DNA methylation analysis of glioblastomas harboring FGFR3‑TACC3 fusions identifies a methylation subclass with better patient survival

FGFR3-TACC3 (F3T3) fusions are seen in 3.1–11.7% of glioblastoma (GBM) cases with better survival [1, 4, 5, 7–9]. We endeavored to characterize methylation profiles in detail, using a cohort of 79 F3T3-positive GBMs from 71 patients (seven patients with primary and recurrent tumor resections, Table S1). Compared to gliomas without a documented fusion, dimensionality reduction showed that F3T3-positive GBMs nested predominantly to GBM-mesenchymal and RTK-II subclasses (Fig. 1a). Transcriptomic analysis on 9 F3T3-positive and 31 negative patients (Fig. 1b) confirmed a previous finding of activated mitochondrial activity and altered vascular activity [2, 6].

Fig. 1.

Molecular features of FGFR3-TACC3 fusion (F3T3) glioblastomas (GBMs). a Uniform manifold approximation and projection (UMAP) on a collection of in-house and published F3T3-positive GBMs and F3T3-negative/unknown GBMs and other brain tumors. b Gene ontology enrichment of over-expressed genes in F3T3-positive GBMs. c Differentially methylated sites in relation to CpG island between F3T3 fusion-positive vs. negative GBMs, ‘outlier’ GBMs F3T3-positive group (GBM-F3T3-O) vs. other GBMs, GBM-F3T3-O vs. gangliogliomas and the background. d Molecular features of GBMs in this study, samples were ordered by GBM-F3T3-O, F3T3 status and methylation subclass. e Kaplan–Meier plot of survival for GBM-F3T3-O and other F3T3-positive GBMs

We identified an outlier subgroup of 11 F3T3-positive patients (12 samples) and an additional FGFR3-RABGAP1 fusion-positive case (Fig. 1a, Table S1). These samples were originally classified as GBM-mesenchymal subtype by the Heidelberg/DKFZ classifier version 11.b6 [3]. Interestingly, on recently released version 12.5 of the DKFZ classifier, top scores for seven of these cases were ganglioglioma, whereas five cases remained GBM-mesenchymal as the top score with ganglioglioma as the second hit in four of these five cases. We henceforth referred these ‘outlier’ F3T3-positive GBM tumors as GBM-F3T3-O. GBM-F3T3-O had higher global methylation than other GBMs (0.57 vs. 0.55, p value = 5.10e-3), and had more differentially methylated sites with other GBMs than with gangliogliomas (Fig. 1c).

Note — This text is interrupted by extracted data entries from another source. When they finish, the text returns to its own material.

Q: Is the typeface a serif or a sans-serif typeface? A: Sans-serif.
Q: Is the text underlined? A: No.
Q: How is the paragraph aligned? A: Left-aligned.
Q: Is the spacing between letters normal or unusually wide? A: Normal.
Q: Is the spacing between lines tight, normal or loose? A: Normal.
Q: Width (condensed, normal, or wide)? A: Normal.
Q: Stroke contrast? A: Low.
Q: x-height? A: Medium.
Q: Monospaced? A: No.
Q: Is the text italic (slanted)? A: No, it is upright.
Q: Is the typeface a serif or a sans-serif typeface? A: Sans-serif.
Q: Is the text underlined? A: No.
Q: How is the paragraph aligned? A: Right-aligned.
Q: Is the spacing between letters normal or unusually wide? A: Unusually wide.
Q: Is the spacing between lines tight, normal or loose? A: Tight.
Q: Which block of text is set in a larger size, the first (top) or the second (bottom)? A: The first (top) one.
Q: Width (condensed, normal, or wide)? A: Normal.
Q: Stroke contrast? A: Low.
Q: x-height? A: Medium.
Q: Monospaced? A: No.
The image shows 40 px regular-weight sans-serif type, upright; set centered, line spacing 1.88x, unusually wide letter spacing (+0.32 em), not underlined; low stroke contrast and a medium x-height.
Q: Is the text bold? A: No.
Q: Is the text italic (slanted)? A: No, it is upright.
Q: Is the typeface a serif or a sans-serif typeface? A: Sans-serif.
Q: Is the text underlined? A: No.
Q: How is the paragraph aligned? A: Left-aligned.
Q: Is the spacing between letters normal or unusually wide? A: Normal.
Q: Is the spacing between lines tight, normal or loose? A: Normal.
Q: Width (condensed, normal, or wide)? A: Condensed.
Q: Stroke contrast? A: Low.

Clinical and histologic information was available for 11 and 12 GBM-F3T3-O patients, respectively (Table S2). All showed supratentorial tumors with variable morphology, including five cases with typical GBM histomorphology, and the remainder showing oligodendroglioma-like morphology (p value = 3.35e-4), calcifications and a delicate vascular network, and absence of necrosis (p value = 6.47e-4). None in the GBM-F3T3-O cohort had CDKN2A homozygous loss (p value = 5.07e-3), 10 cases had chromosome + 7/−10, 10 harbored a TERT promoter mutation, and one showed EGFR amplification (Fig. 1d).

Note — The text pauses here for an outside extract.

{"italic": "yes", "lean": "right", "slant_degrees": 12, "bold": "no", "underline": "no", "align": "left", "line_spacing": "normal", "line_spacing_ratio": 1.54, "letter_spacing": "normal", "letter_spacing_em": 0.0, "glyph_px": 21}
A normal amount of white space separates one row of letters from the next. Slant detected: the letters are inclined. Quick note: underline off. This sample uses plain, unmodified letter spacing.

GBM-F3T3-O cases showed significantly better patient survival when compared to the remaining F3T3-positive GBMs (Fig. 1e). All cases received the standard glioblastoma treatment consisting of temozolomide and radiation therapy. Three cases received additional agents with either erdafitinib, lomustine or the FGFR inhibitor AZD4547 (Table S2). Overall, our results suggest that a subset of F3T3-positive high-grade tumors with histological low-grade look but molecular features of IDH-wildtype GBM, may exhibit a distinct methylation profile and better patient outcome compared to conventional GBMs.

Data availability

Processed methylation results and raw data are available at the Gene Expression Omnibus (GEO) repository under the accession number GSE200647.